То, что не выжгла ржавая игла, задавила сама. Чувства, опережая события, умерли. Она научилась не отводить глаза в ответ на испуганные, опасливые взгляды посетителей, не впускала в душу неумелые слова участия соседок по палате. - "Нет ничего, да теперь и не будет".
Вот только исполнять задуманное здесь ей не хотелось.
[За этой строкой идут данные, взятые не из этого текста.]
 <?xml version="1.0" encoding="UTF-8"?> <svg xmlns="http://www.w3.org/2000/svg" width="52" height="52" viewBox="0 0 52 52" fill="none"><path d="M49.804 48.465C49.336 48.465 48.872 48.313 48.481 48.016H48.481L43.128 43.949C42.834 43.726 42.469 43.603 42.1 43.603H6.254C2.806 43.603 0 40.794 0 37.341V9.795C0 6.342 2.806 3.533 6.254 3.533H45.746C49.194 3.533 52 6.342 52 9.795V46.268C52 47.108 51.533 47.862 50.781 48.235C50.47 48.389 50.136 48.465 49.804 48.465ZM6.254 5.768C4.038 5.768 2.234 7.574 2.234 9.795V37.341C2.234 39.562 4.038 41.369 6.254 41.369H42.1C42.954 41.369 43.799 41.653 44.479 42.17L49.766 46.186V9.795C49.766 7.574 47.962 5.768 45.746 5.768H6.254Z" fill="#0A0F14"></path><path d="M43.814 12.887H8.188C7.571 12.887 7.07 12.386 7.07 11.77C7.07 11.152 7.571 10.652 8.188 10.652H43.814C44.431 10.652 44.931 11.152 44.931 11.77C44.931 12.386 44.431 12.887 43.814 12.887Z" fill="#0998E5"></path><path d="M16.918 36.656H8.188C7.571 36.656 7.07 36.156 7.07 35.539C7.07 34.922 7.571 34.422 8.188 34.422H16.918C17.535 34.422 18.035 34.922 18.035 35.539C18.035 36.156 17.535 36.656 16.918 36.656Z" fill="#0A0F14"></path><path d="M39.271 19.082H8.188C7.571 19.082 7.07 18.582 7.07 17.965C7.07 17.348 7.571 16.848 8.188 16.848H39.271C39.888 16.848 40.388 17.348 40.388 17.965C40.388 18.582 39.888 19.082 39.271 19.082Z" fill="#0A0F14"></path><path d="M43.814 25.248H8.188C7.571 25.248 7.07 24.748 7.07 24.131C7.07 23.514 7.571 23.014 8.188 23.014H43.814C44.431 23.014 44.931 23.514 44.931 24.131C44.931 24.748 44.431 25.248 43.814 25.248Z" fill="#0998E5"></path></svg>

Она представила вдруг, как будет лежать ее тело с обезображенным, страшным лицом, на мерзлом полу холодильника…(Оле пришлось однажды оказаться в местном пункте конечного назначения). Ну уж нет. Гораздо лучше сделать все так, чтобы никто и никогда больше не смог увидеть ее. И она знала как.
Точеная фигурка и платиновые волосы девчонки привлекали внимание, заставляли мужчин автоматически оборачиваться вслед, но стоило случайному гостю увидеть лицо обладательницы редкостной красоты шевелюры, как наваждение уступало место испуганному вздоху и гримасе, скрыть которую удавалось не всем.
Все когда–то заканчивается, подошла к концу и нудная больничная жизнь. В один из дней ноября заведующий отделением вызвал ее в ординаторскую.